Pese al oscurantismo digital, hay cierta necesidad individual y mediática de seguir generando conversación en torno a la amistad, la trinchera que hará que en el siglo XXI no viremos hacia la locura. De algo así va “Good Friend”, el nuevo single de Gia Margaret y el segundo avance de su próximo álbum, “Singing”. El cuarto disco de la de Chicago se publicará el 24 de abril, y tanto esta como “Everyone Around Me Dancing”, el primer sencillo, mantienen el espíritu de folk somnoliento que ha investigado hasta ahora. En ambas, además, se respira ese sentimiento de soledad que acompaña al artista cuando se apagan los focos. Quizá “Singing” trate precisamente de eso: de todo lo que sucede alrededor del canto y no necesariamente del canto en sí. Lo veremos.

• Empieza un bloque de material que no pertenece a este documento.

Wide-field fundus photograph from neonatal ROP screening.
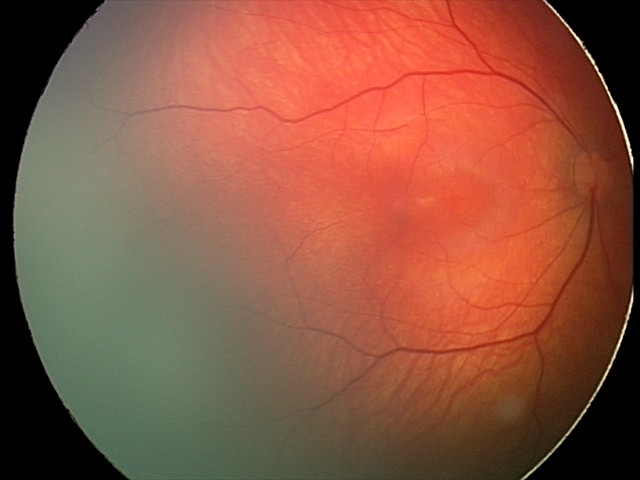

Series diagnosed as retinal hemorrhages.
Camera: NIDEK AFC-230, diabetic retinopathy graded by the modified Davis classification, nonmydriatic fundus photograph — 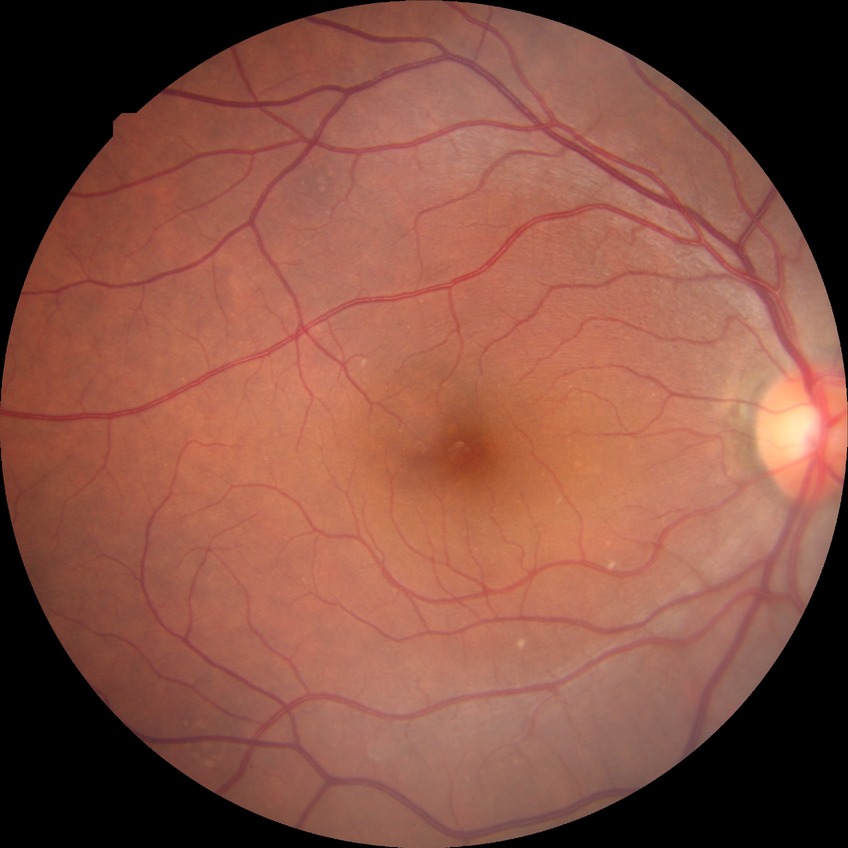

Diabetic retinopathy stage is no diabetic retinopathy.

En cualquier caso, “Good Friend” funciona como una pequeña oda a la amistad que sobrevive a la distancia que imponen las giras. Margaret explica que escribió la canción en 2019, tras su primer gran tour estadounidense, cuando sintió que estaba vislumbrando el tono que podría tener su siguiente álbum. Luego llegó la pandemia, las giras canceladas y la incertidumbre, y la canción quedó guardada hasta que volvió a aparecer durante la grabación de “Singing”, cuando necesitaba recuperar cierta ligereza en el proceso creativo. Producida junto a Guy Sigsworth y atravesada por ese gusto suyo por el pop nostálgico de finales de los noventa, el tema incorpora un canto gregoriano para el final a cargo de ILĀ, cofundador del coro London Contemporary Voices. Aunque la producción es algo enrevesada para una canción acústica, la pieza termina diciendo algo bastante simple: que los buenos amigos sostienen cuando todo lo demás se vuelve incierto. O, como ella misma resume, que “mis buenos amigos iluminan mi vida en los peores momentos… y la música también puede ser una buena amiga”.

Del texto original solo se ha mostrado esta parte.